How can you write an article that is illustrated with pictures of Charing Cross, and mention walking over to Knightsbridge or Regent's Street, and talk of quick camera settings changes? It seems nonsensical. It takes half an hour to walk between any of those places, which is more than enough time to make a settings change on even the world's least user friendly camera. Even a large format one.
Posted by: James B | Thursday, 14 June 2012 at 03:48 PM
I still struggle to find the point of this camera. Since the KX-01 still has DSLR depth, because it has a mirror box sans mirror, I'm not really sure why one would choose this camera over a small Pentax DSLR, which would have the OVF option and phase detect AF.
Posted by: GH | Thursday, 14 June 2012 at 04:00 PM
Interesting that the OP praises the dynamic range of the camera.
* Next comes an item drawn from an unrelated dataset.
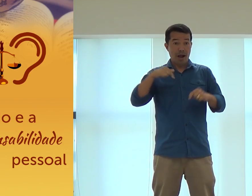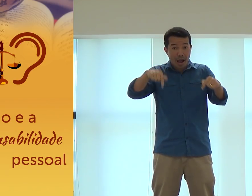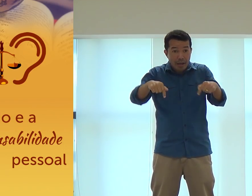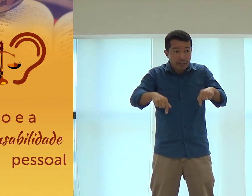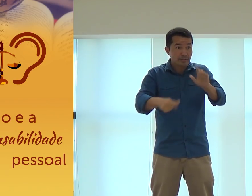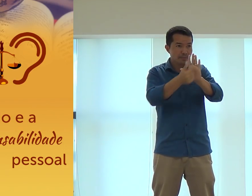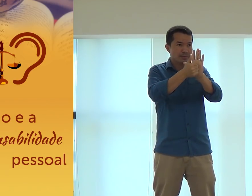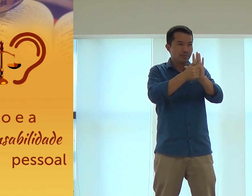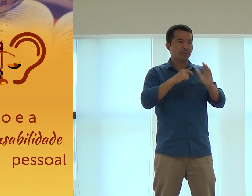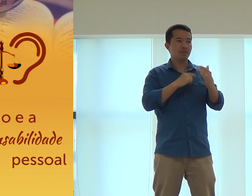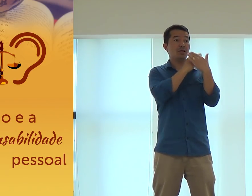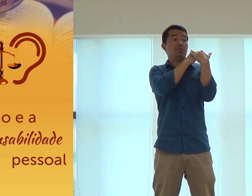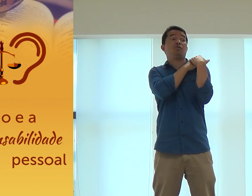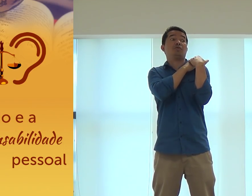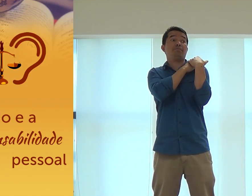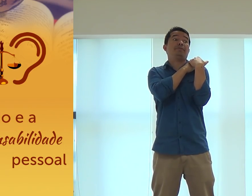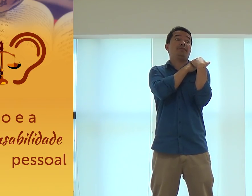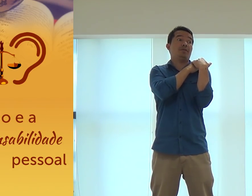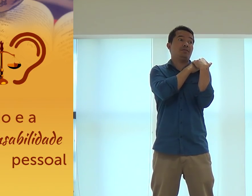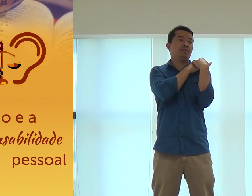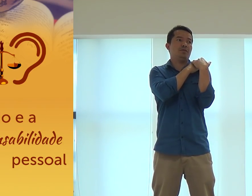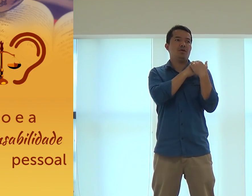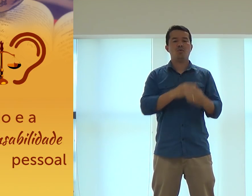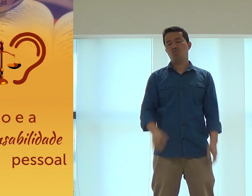eu estou aqui na Bíblia, sou responsável.

What drew my eye to the images was the blown highlights hand-in-hand with some blocked shadows - the opposite of praise-worthy dynamic range. Were these jpg's with over-boosted contrast?
Posted by: Gingerbaker | Thursday, 14 June 2012 at 04:27 PM
Very encouraging. The dearth of commentary about the K-01 made me wonder if any photographers were aiming to do serious work with it.
An intriguing device. Simple, like a point-and-shoot, except the lens can be changed and, well, manual focus. Eventually, the satisfying complexities of a camera you grow to love start to creep in. After almost three months of shooting, the light went on for me just a couple of weeks ago.
My own humble attempt at an urban diary is here: http://kayohonediary.tumblr.com/
Posted by: Michael Farrell | Thursday, 14 June 2012 at 05:47 PM
Thanks for the report, and for reinforcing that cameras are for looking 'through' more than looking at. (Guess you can't look thru this sort though, so much for a nice turn of phrase.) Pentax made a surprising choice with the K-01, and purists were not the target audience. Glad to hear how well it works for you, thanks for the tour!
Posted by: jim r | Thursday, 14 June 2012 at 06:32 PM
I hate to trash an image viewed on the net, but here goes. The above images are lacking in DR, accurate colour and sharpness. Actually look rather nasty to my eye. I have seen much better from Canon S100's and G12's. Not to mention the excellent Panasonic 4/3rd's cameras. BTW my monitor is indeed fully calibrated. So disappointing.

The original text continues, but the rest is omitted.